The Fraser River is the longest river within British Columbia rising at Fraser Pass in the Rocky Mountains and flows for over 1300 km before emptying into the strait.

The river’s annual discharge at its mouth is estimated to be around 3550 cubic meters per second, and is said to discharge around 20 million tonnes of sediment into the ocean.

Several ships and vessels can be easily spotted at the top of the image, in the Burrard Inlet, which separates the city of Vancouver from the slopes of the North Shore Mountains (not visible).

Vancouver Island dominates the left-side of the image.

Covering an area of over 31 000 sq km, it is the largest island on the Pacific coast of North America.

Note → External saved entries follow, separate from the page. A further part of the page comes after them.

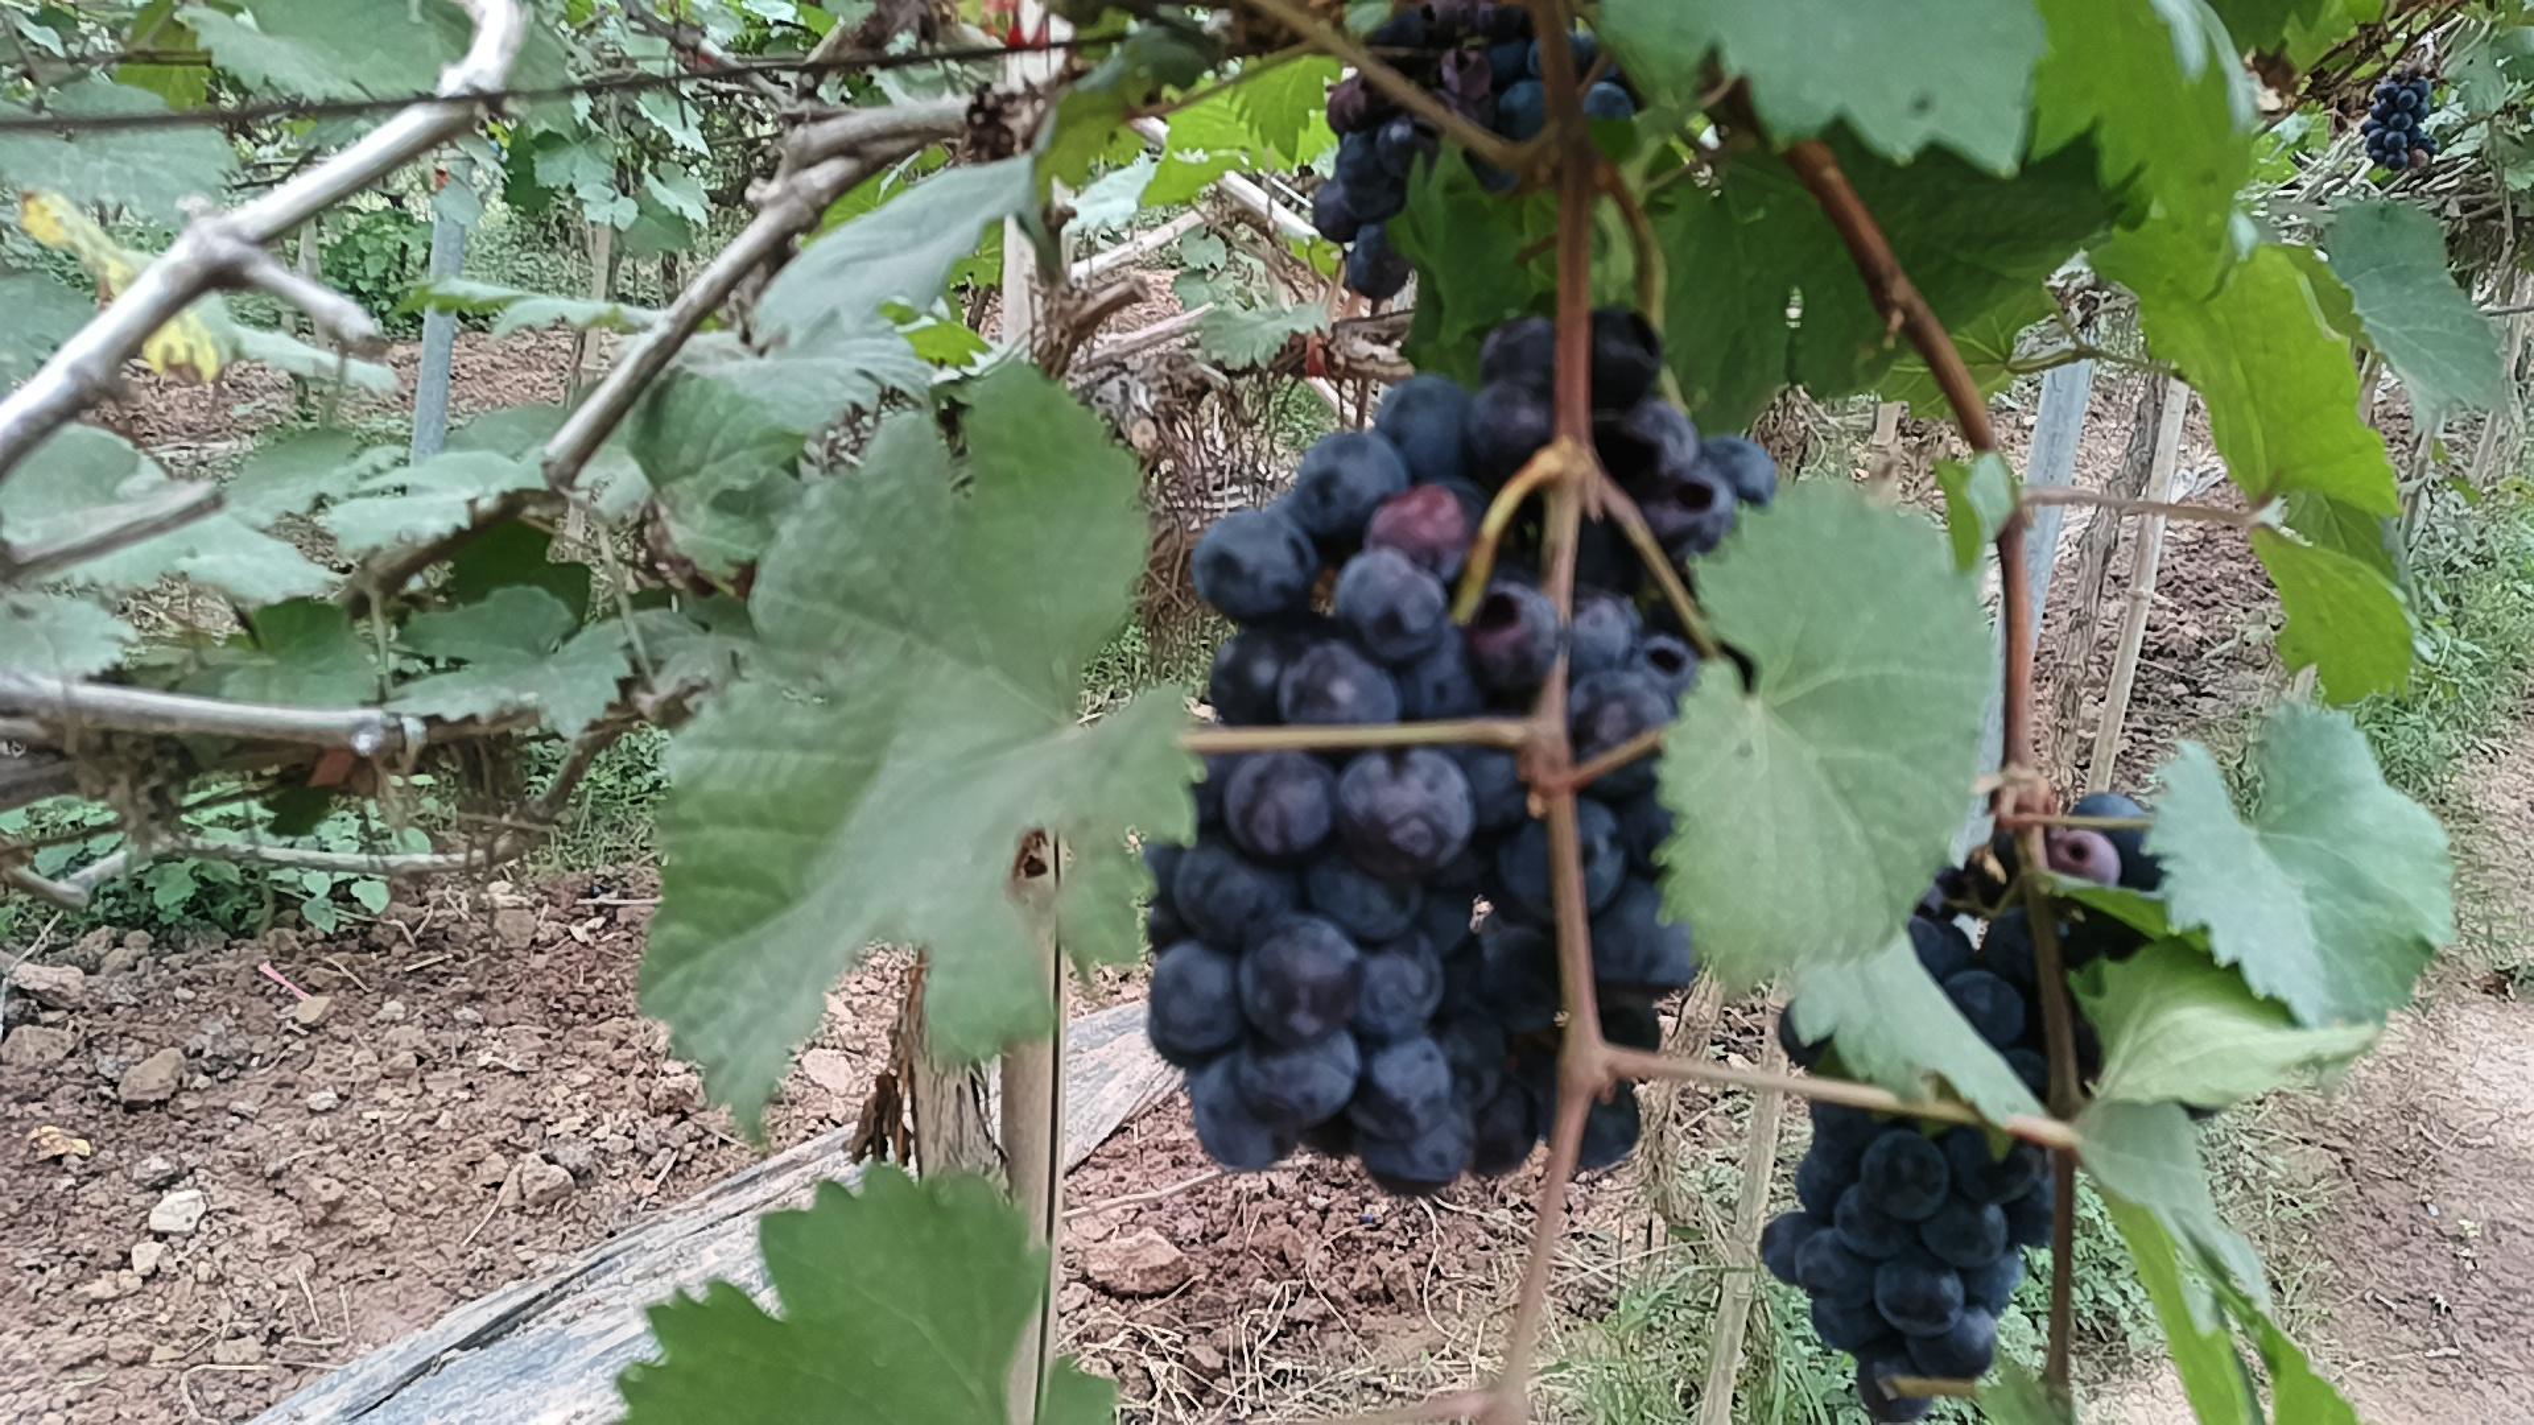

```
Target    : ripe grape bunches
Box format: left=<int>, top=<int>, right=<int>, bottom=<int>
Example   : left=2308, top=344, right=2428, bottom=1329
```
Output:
left=1312, top=0, right=1638, bottom=307
left=1147, top=311, right=1776, bottom=1194
left=1761, top=771, right=2377, bottom=1421
left=2358, top=65, right=2440, bottom=185

The island is heavily wooded and mountainous with several peaks of more than 2100 m.

At the bottom of the image, marine stratocumulus clouds can be seen over the Strait of Juan de Fuca, which also marks the international boundary between Canada and the United States.

These types of cloud formations could be related to the Puget Sound Convergence Zone – a frequent weather phenomenon where northwest winds are split by the Olympic Mountains and then re-converge over Puget Sound, visible in the bottom-right of the image.

Copernicus Sentinel-2 is a two-satellite mission.

Each satellite carries a high-resolution camera that images Earth’s surface in 13 spectral bands.

The mission is mostly used to track changes in the way land is being used and to monitor the health of our vegetation.